> [RECORDS FOR PROCESSING]
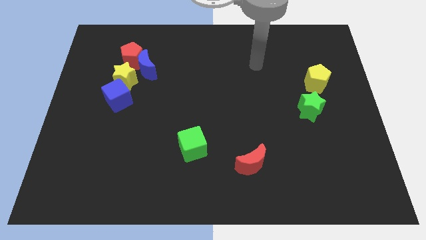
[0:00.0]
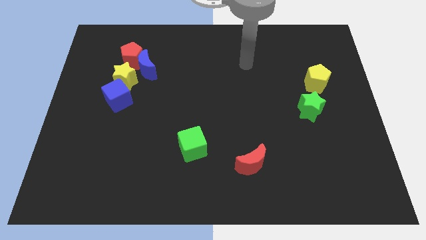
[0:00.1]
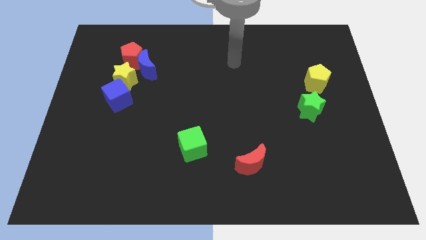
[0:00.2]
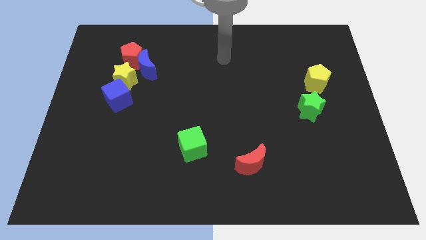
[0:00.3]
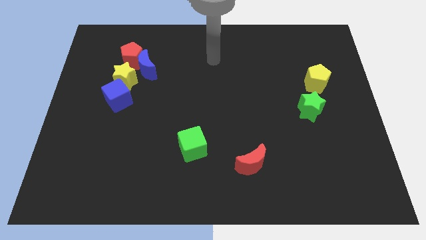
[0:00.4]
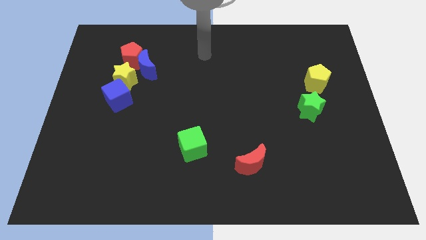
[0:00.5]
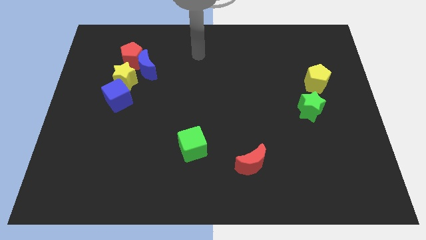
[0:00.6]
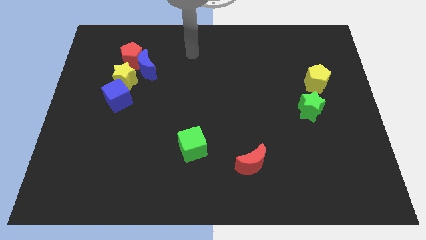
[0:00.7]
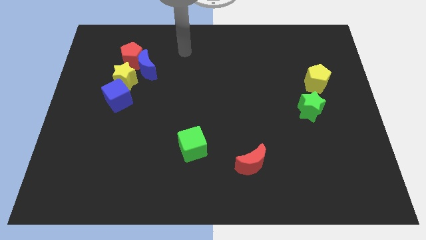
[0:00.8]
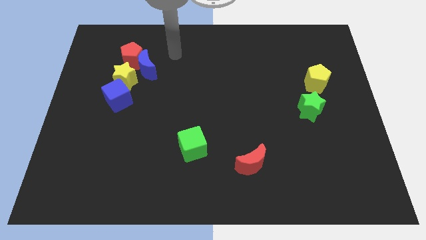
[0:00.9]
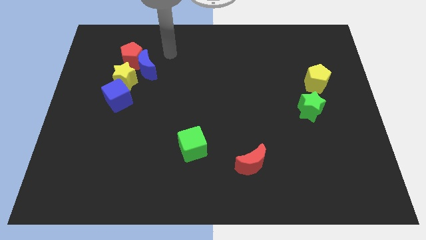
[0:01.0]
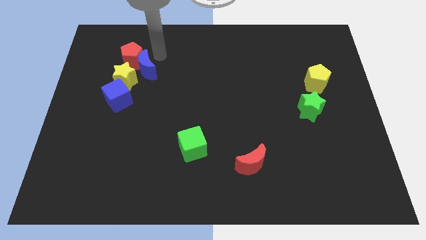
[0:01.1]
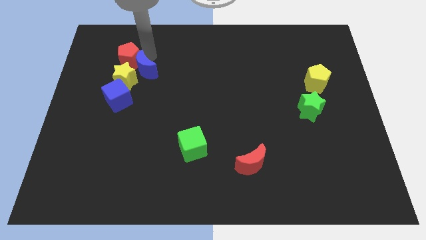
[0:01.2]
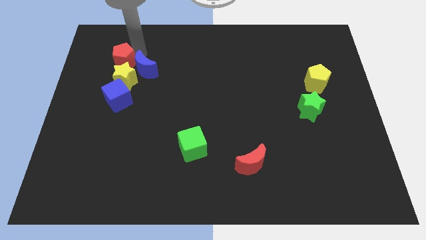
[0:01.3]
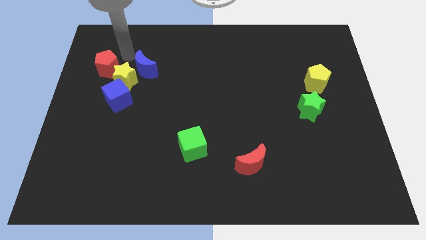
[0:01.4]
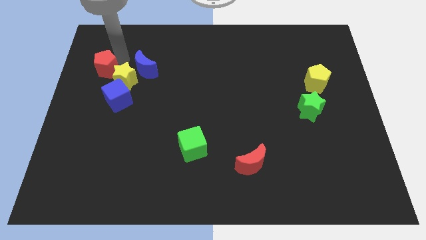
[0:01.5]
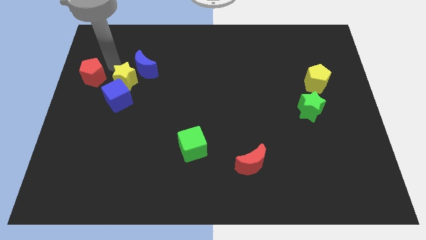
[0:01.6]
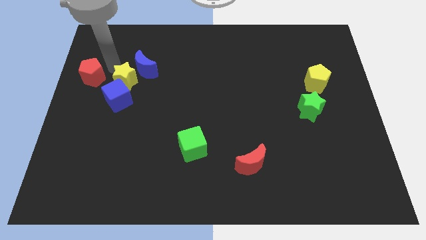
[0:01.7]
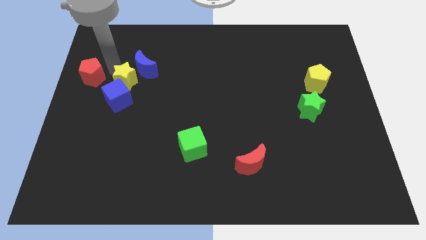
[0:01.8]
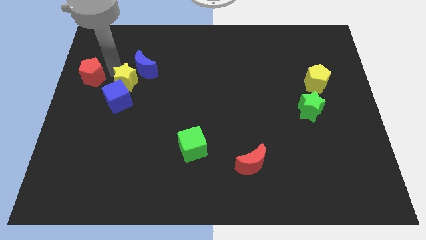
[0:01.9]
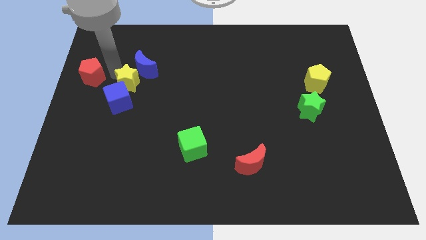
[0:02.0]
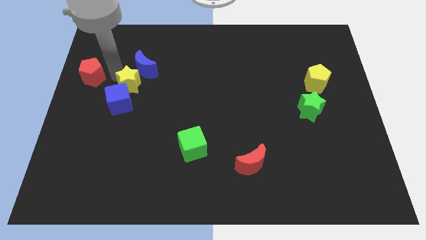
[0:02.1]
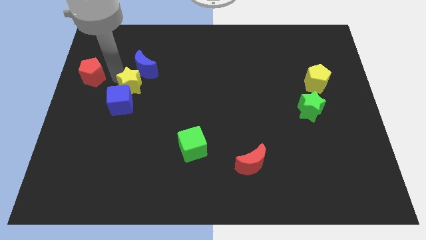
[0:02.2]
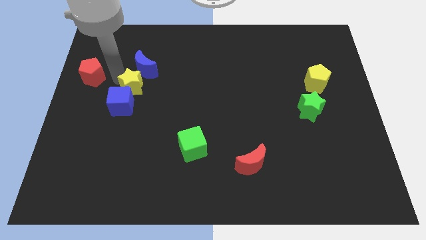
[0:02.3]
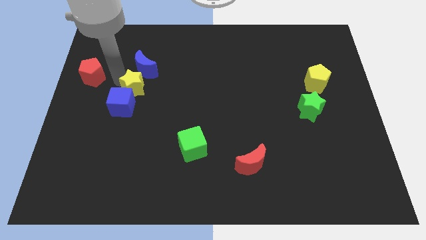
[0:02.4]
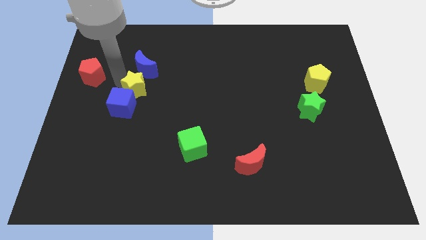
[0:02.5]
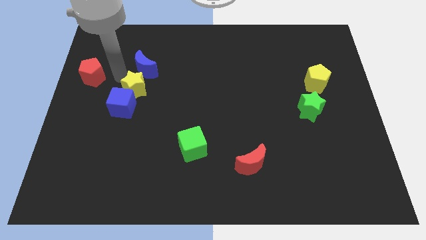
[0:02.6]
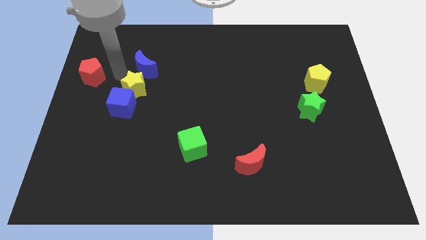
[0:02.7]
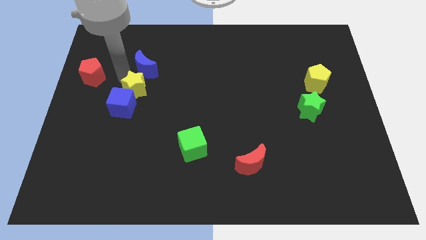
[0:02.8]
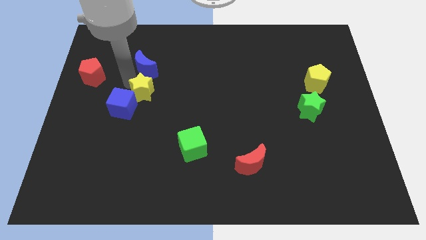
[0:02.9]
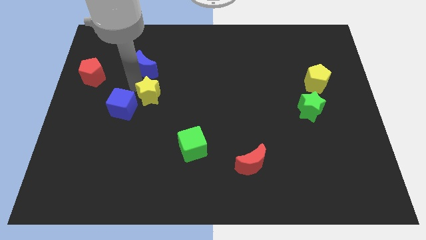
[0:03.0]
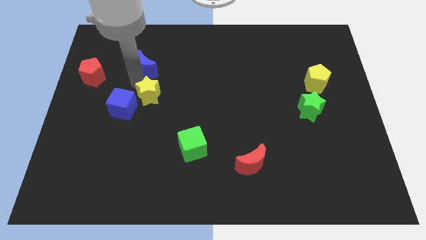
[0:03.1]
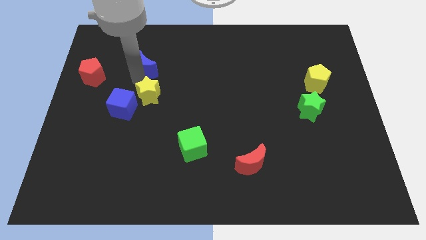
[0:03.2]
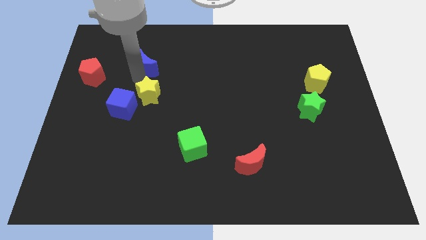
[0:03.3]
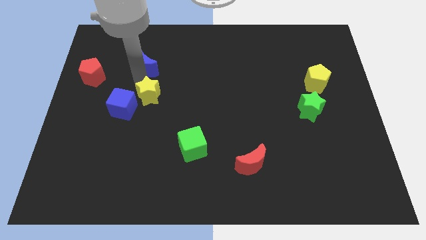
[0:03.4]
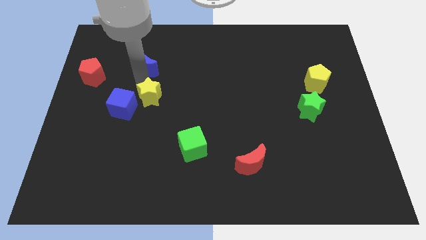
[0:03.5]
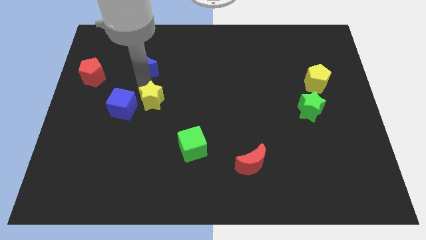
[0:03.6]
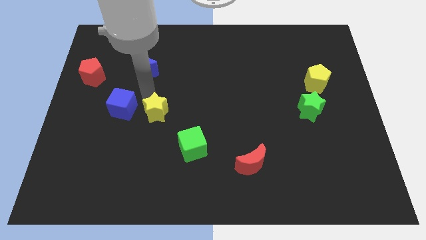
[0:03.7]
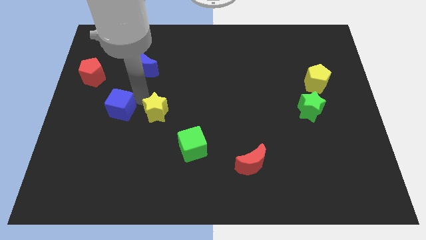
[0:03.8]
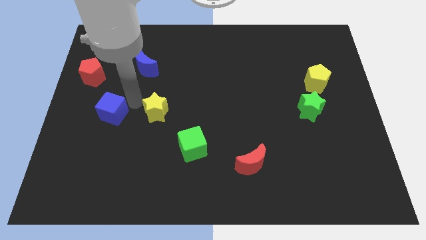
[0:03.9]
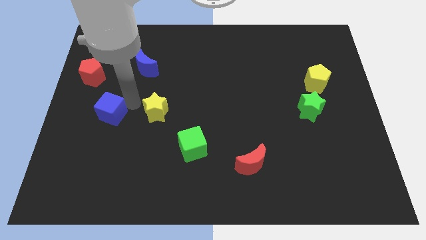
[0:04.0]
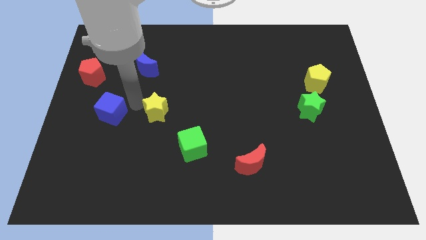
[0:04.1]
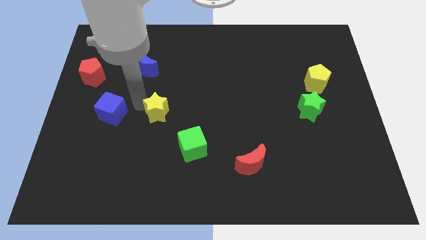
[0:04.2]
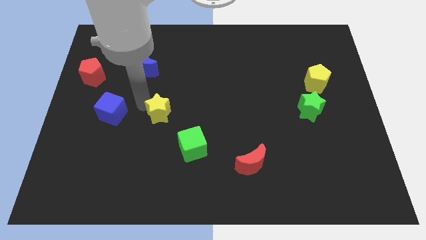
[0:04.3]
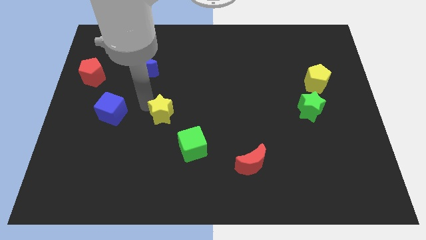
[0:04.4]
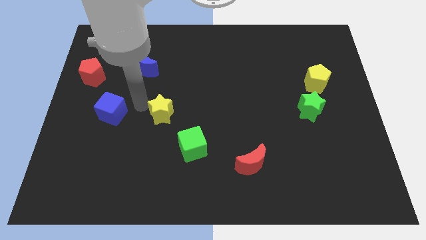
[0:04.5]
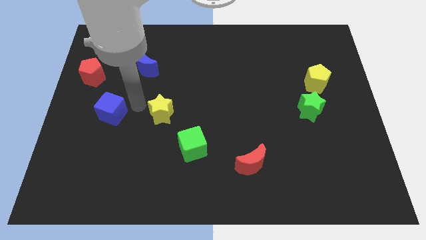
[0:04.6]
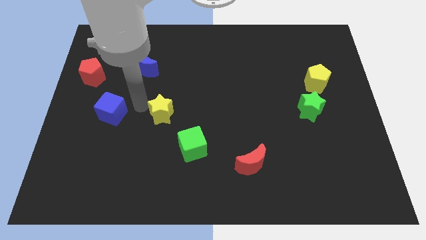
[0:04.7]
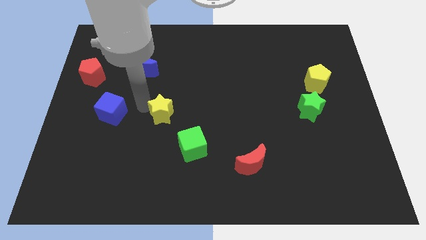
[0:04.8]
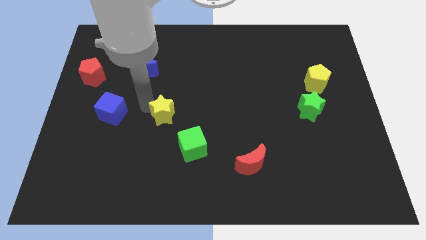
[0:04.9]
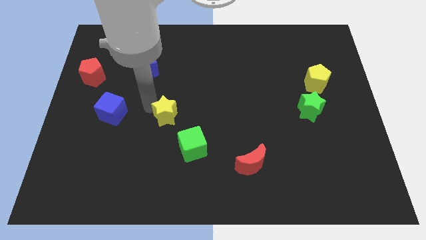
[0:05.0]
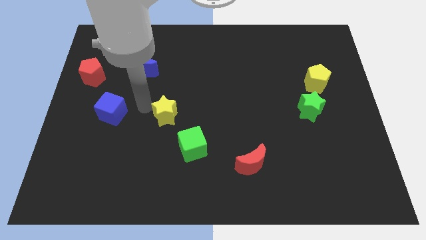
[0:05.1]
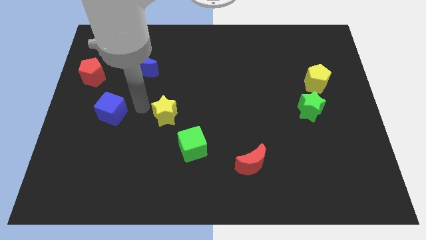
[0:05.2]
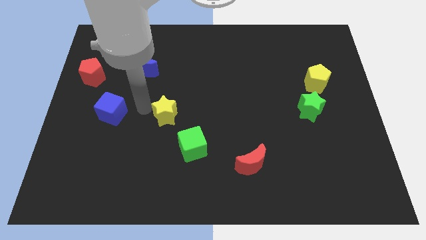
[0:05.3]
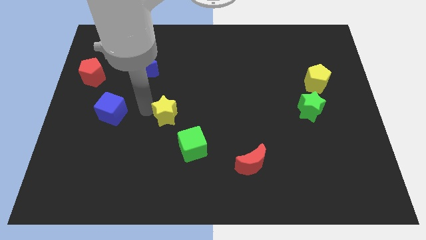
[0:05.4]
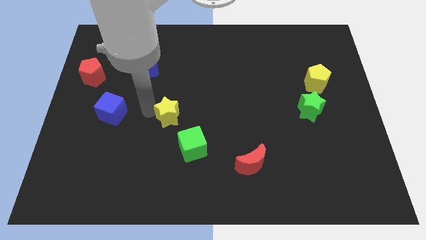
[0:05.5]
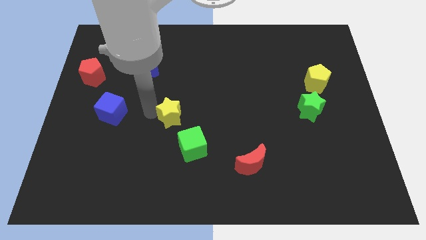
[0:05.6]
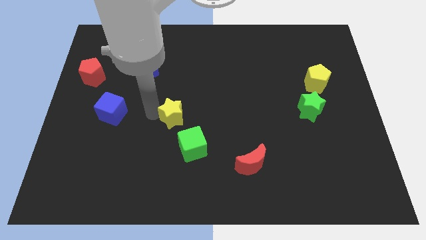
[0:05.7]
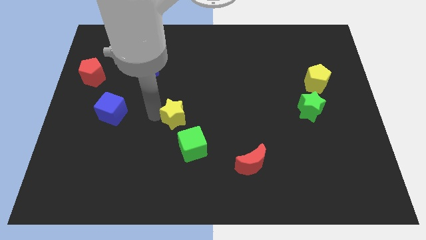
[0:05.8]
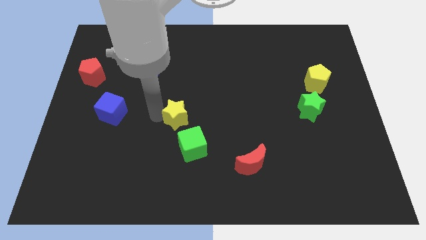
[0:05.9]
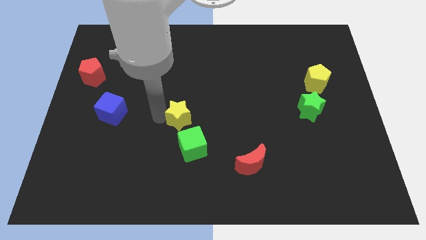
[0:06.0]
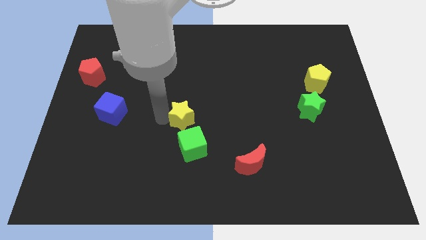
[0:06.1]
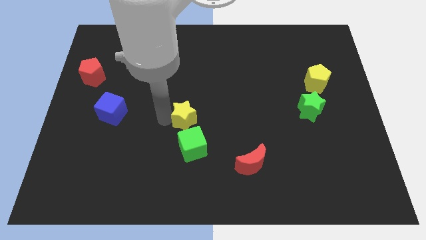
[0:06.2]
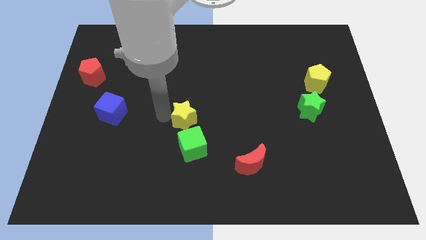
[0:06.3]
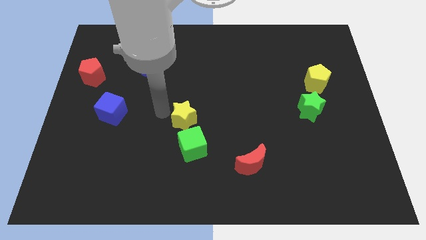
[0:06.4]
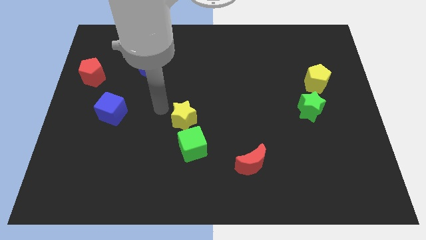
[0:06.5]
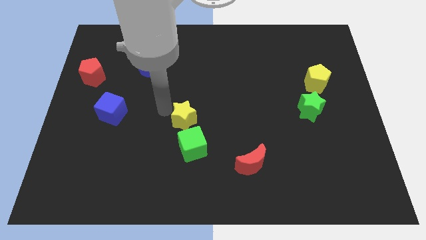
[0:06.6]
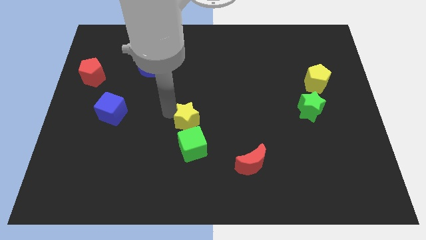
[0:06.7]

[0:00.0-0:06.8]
move the yellow star down and to the right diagonally

> [PROMPT] Repeat exactly, please: transcribe each entry and leave out the pictures.

> [RESULT BELOW]
[0:00.0]
[0:00.1]
[0:00.2]
[0:00.3]
[0:00.4]
[0:00.5]
[0:00.6]
[0:00.7]
[0:00.8]
[0:00.9]
[0:01.0]
[0:01.1]
[0:01.2]
[0:01.3]
[0:01.4]
[0:01.5]
[0:01.6]
[0:01.7]
[0:01.8]
[0:01.9]
[0:02.0]
[0:02.1]
[0:02.2]
[0:02.3]
[0:02.4]
[0:02.5]
[0:02.6]
[0:02.7]
[0:02.8]
[0:02.9]
[0:03.0]
[0:03.1]
[0:03.2]
[0:03.3]
[0:03.4]
[0:03.5]
[0:03.6]
[0:03.7]
[0:03.8]
[0:03.9]
[0:04.0]
[0:04.1]
[0:04.2]
[0:04.3]
[0:04.4]
[0:04.5]
[0:04.6]
[0:04.7]
[0:04.8]
[0:04.9]
[0:05.0]
[0:05.1]
[0:05.2]
[0:05.3]
[0:05.4]
[0:05.5]
[0:05.6]
[0:05.7]
[0:05.8]
[0:05.9]
[0:06.0]
[0:06.1]
[0:06.2]
[0:06.3]
[0:06.4]
[0:06.5]
[0:06.6]
[0:06.7]

[0:00.0-0:06.8]
move the yellow star down and to the right diagonally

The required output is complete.